日本矯正歯科学会では7歳までに専門医の診断を受けることを推奨しています。
11歳~25歳未満/25歳以上の場合
永久歯列期の場合、まだ身体全体の成長が続いているかどうかでも治療内容は異なります。成長中なら、あごの骨の矯正を行いバランスを整えて行きます。成長が終わっている場合は歯を移動することで矯正します。
下顎前突症の度合いにもよりますが、全体的な歯並びや噛み合せを治療する方法と、気になる部分だけを治療する方法があります。
多くのケースでは矯正装置を使用します。重症だと永久歯の抜歯が必要になる場合や、外科的にあごの骨の手術を行う場合もあります。インプラントを併用する場合もあります。

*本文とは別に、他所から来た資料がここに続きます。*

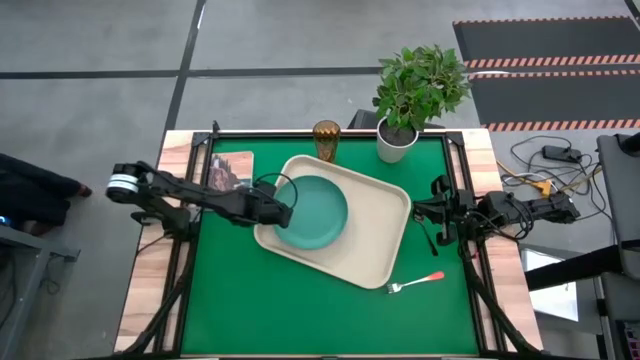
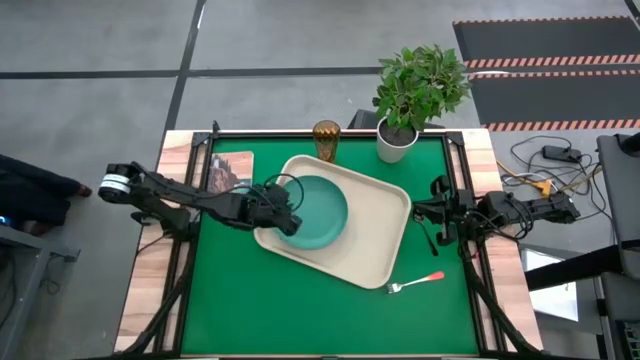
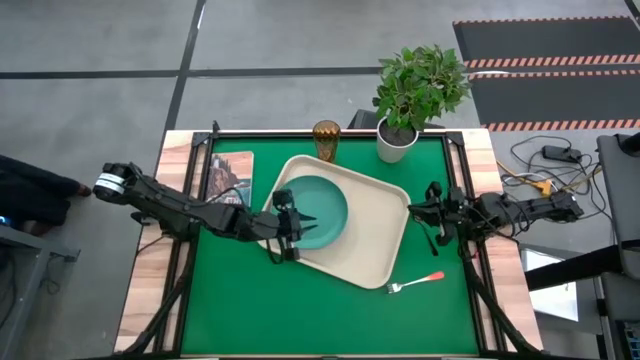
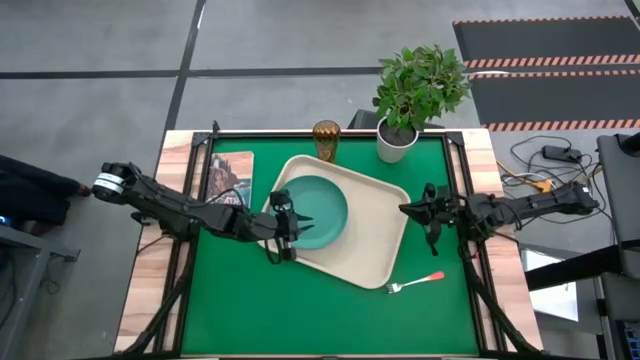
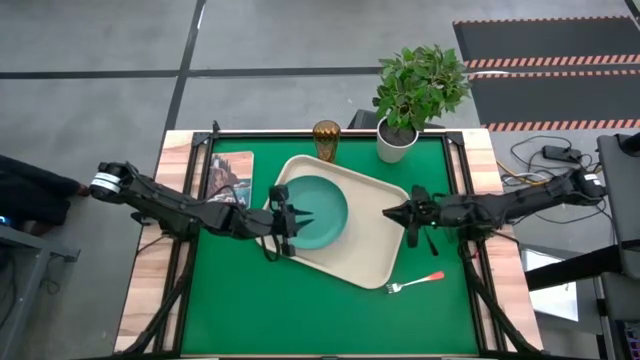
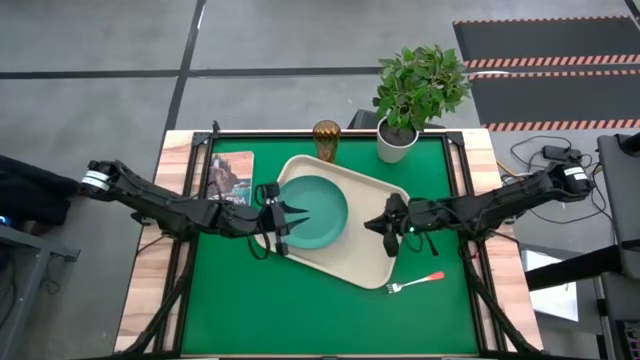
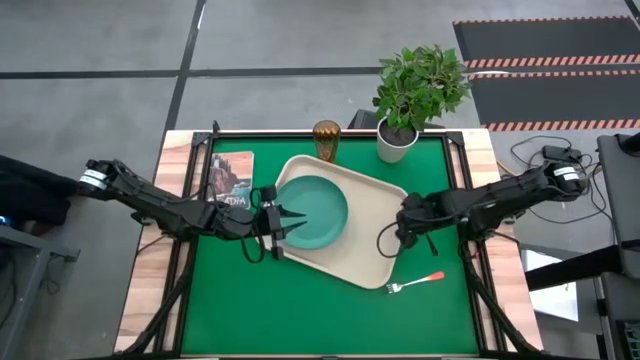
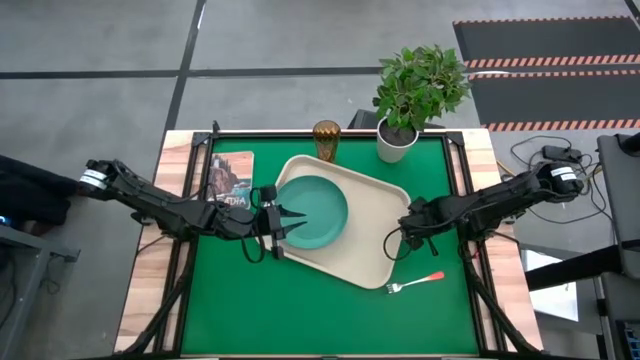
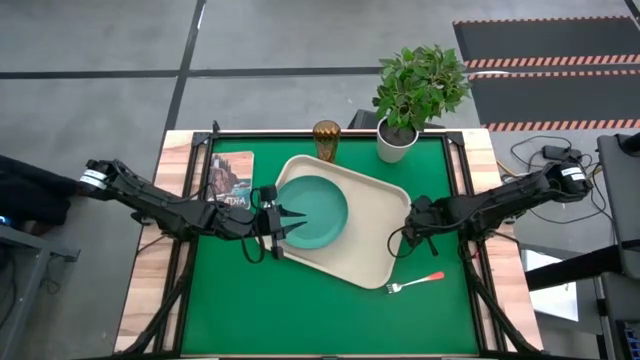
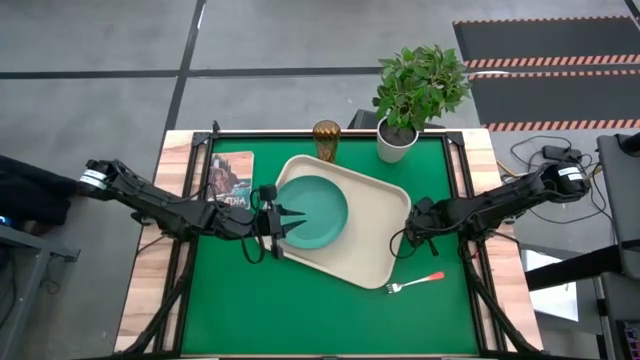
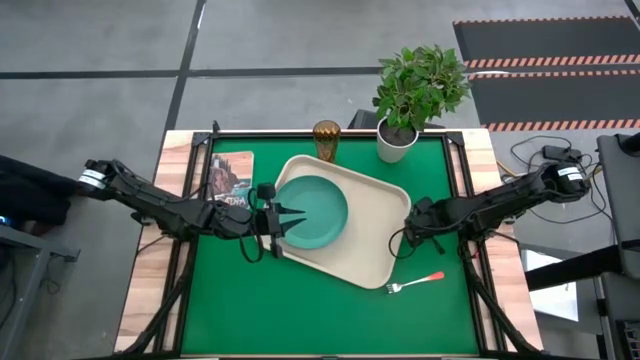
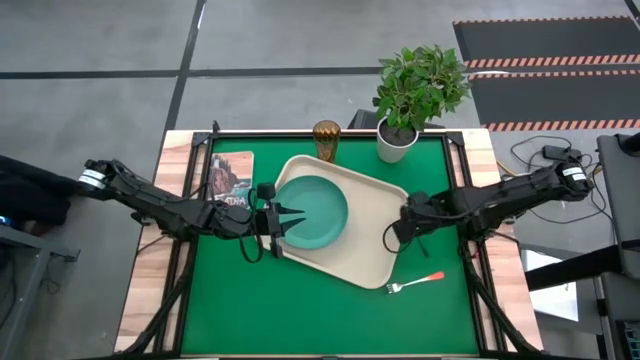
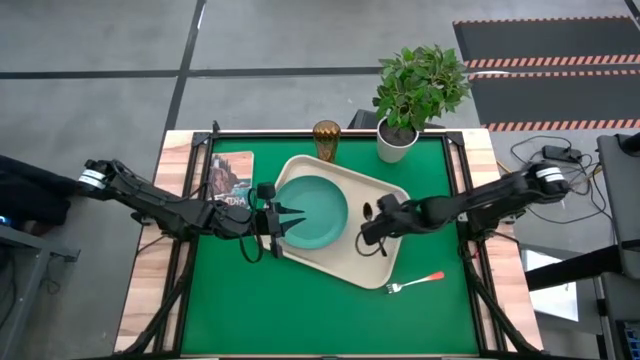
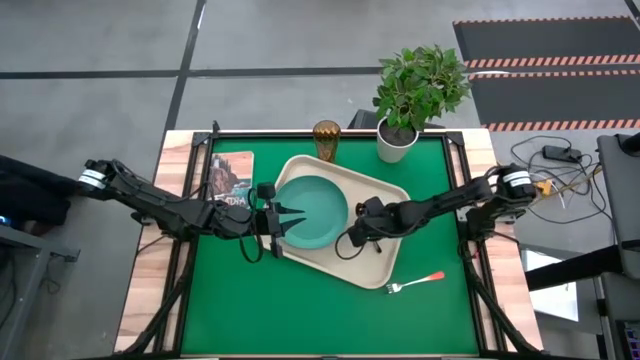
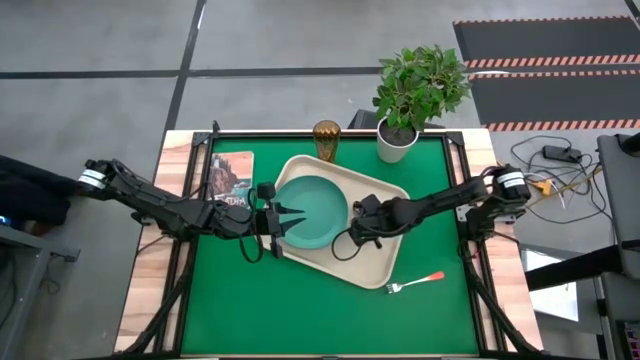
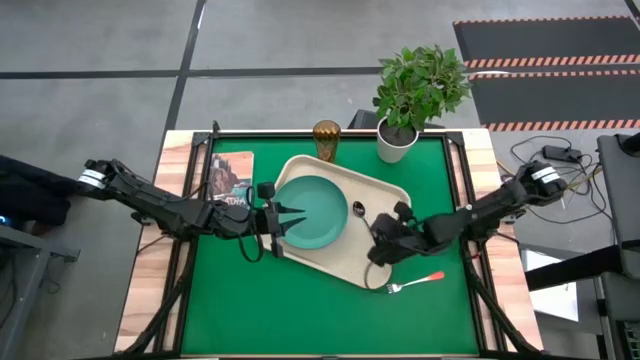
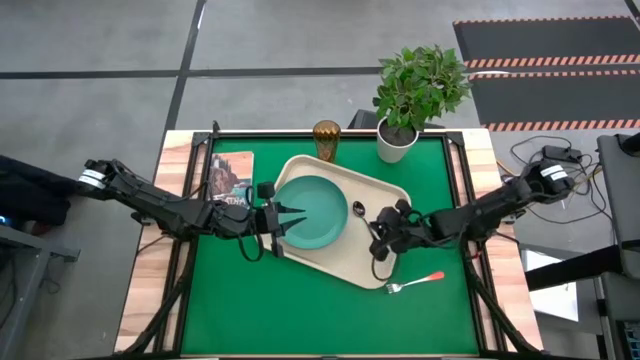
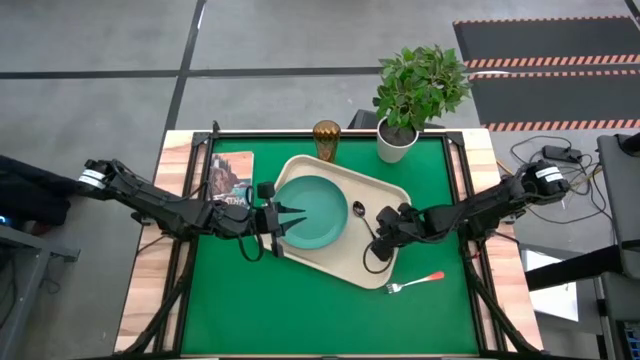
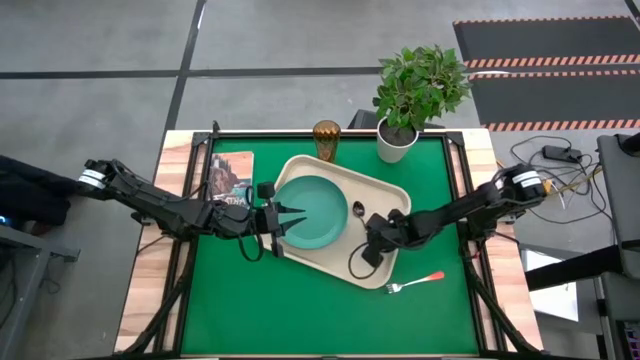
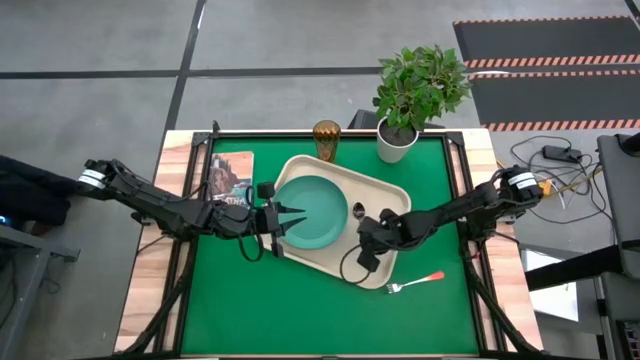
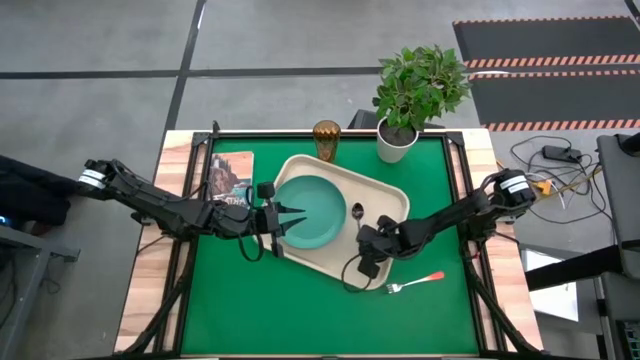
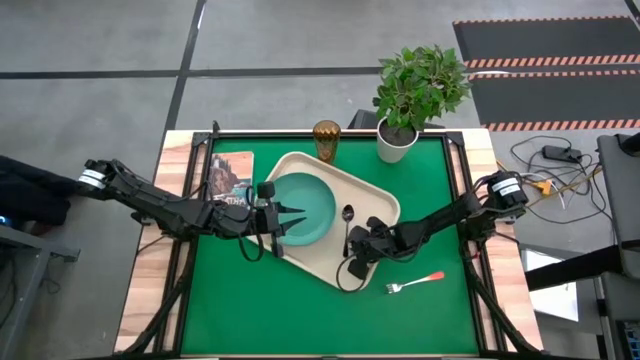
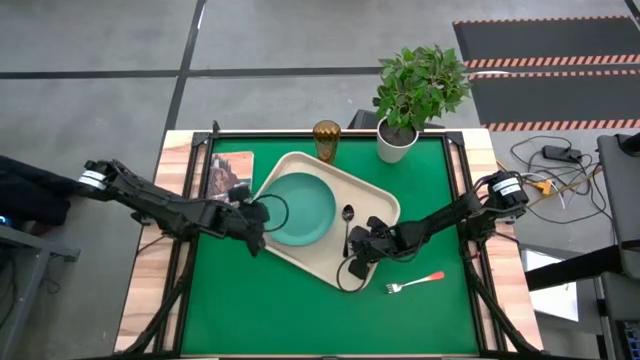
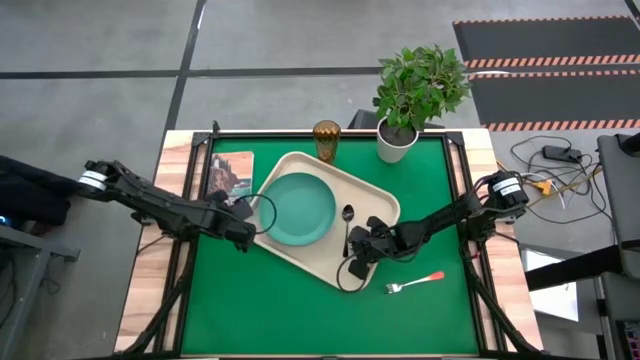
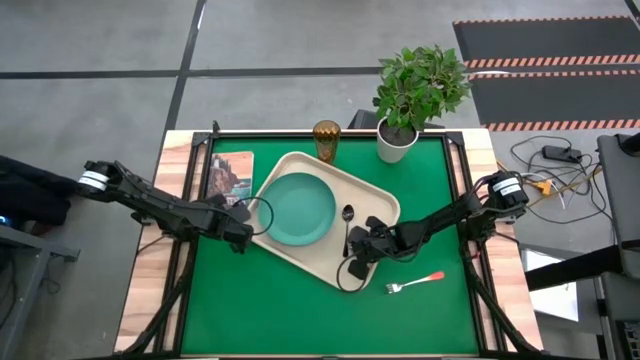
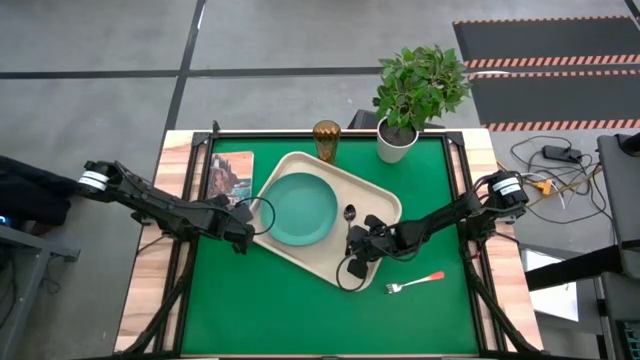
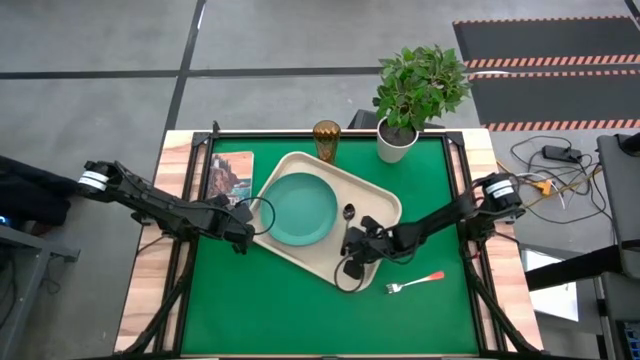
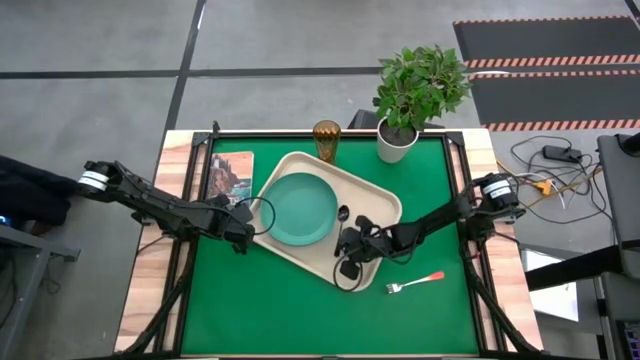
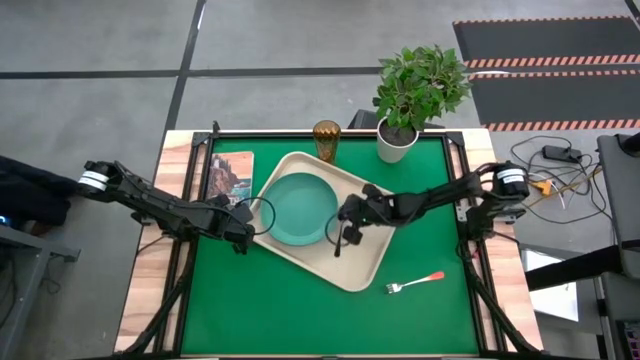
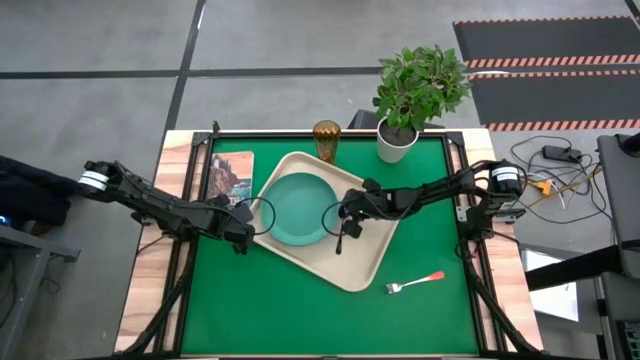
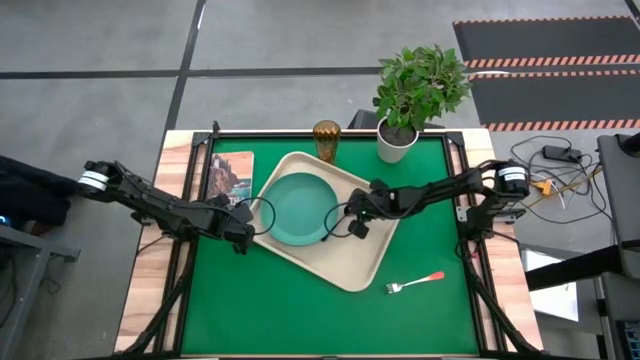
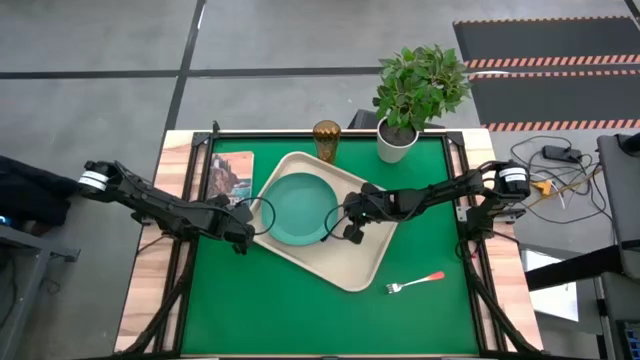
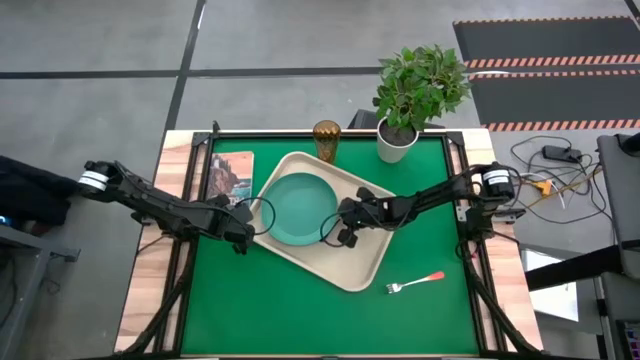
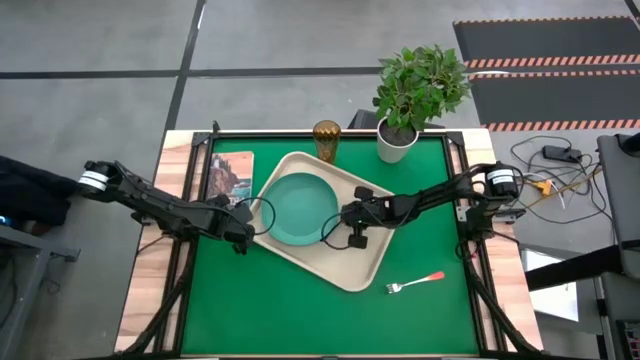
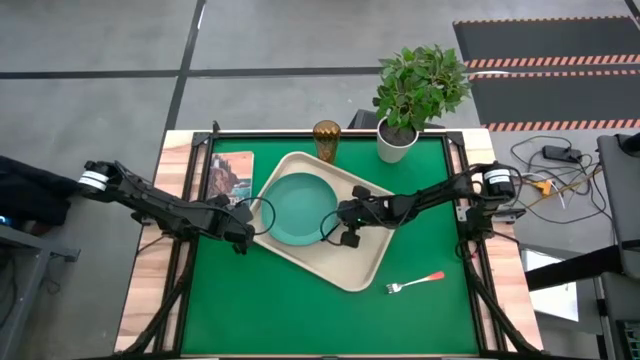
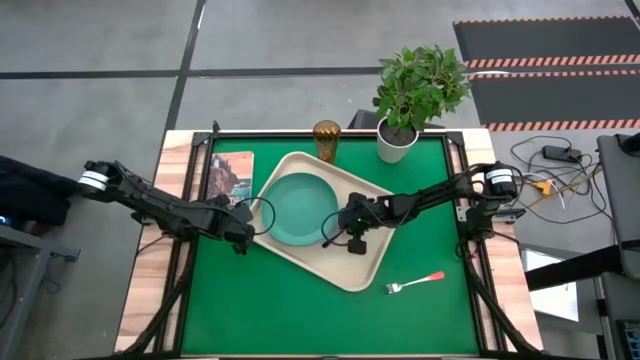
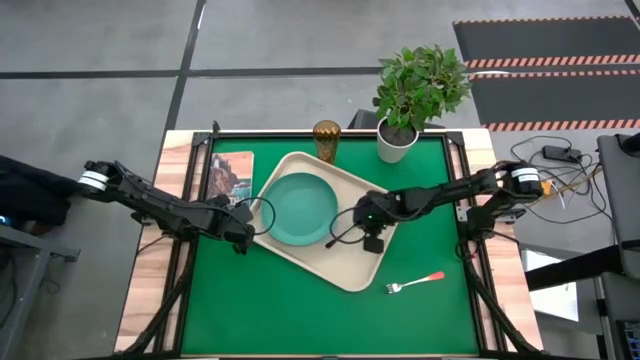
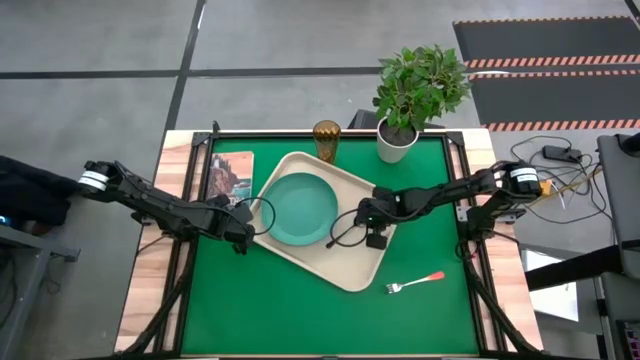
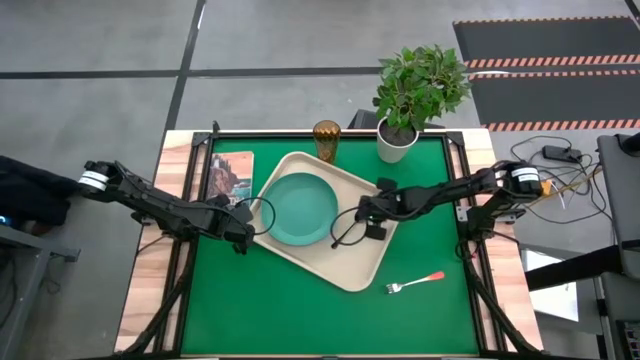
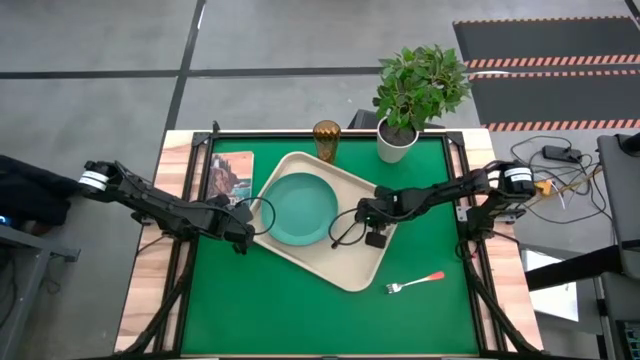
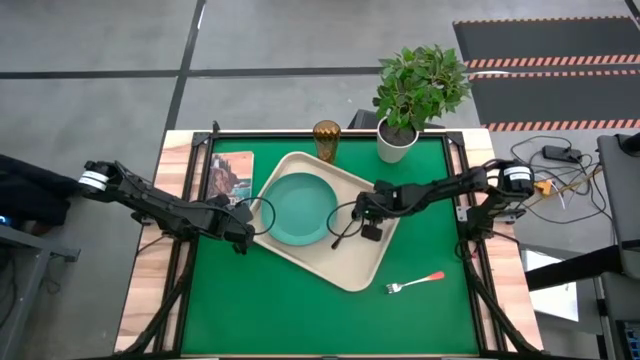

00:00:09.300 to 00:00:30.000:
Task: Pick and place plate/cup/fork/spoon on tray
Put the black spoon on the right side of the green plate

25歳以上では基本的治療法は11歳~25歳未満と同じですが、歯周病が発症している場合、矯正によって悪化するリスクがあるので、歯周病治療を優先し終了後に矯正を行うことになります。
下顎前突症の治療費用の目安
下顎前突症の矯正では、更生医療指定機関で治療する場合のみ健康保険の適応を受けることができます。それ以外の医療機関では自費診療となるので注意してください。

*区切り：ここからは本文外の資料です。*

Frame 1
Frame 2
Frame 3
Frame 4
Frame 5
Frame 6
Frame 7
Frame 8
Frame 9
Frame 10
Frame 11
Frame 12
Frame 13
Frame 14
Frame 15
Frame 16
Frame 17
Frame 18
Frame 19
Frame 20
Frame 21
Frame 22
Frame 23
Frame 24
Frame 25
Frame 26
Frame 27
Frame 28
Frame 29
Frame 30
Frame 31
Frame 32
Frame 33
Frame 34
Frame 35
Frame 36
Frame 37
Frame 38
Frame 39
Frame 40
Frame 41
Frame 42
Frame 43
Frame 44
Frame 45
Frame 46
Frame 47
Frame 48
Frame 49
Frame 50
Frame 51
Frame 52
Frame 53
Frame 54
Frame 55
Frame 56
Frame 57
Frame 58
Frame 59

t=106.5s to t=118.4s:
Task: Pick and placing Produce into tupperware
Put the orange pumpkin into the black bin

個々人の状態、症状によって治療方法が異なるので、あくまで目安ではありますが、保険適用の場合、検査費用・調整料金を含む矯正費用は約25万円、外科手術を要する場合は入院費用も含めて約25万円~40万円です。
保険適用されない医療機関の場合は、矯正費用で約85万円~200万円、外科手術で約100万円~200万円です。自費治療では歯科医院によって治療費に大きな差があるので、あらかじめ見積もりをとってから治療をスタートしてください。
心身に影響が出る下顎前突症、できれば早めの治療を
下顎前突症は見た目だけでなく、消化不良や肩こり・腰痛の原因になったり、発音不良を起こしたり、精神的なストレスにもなります。
治療は歯やあごの部分治療、全体治療によって矯正器具を使い分けます。ただし重度になると外科処置を行う必要もあります。子どもの時には治療効果も高いので、なるべく早めの治療がお薦めです。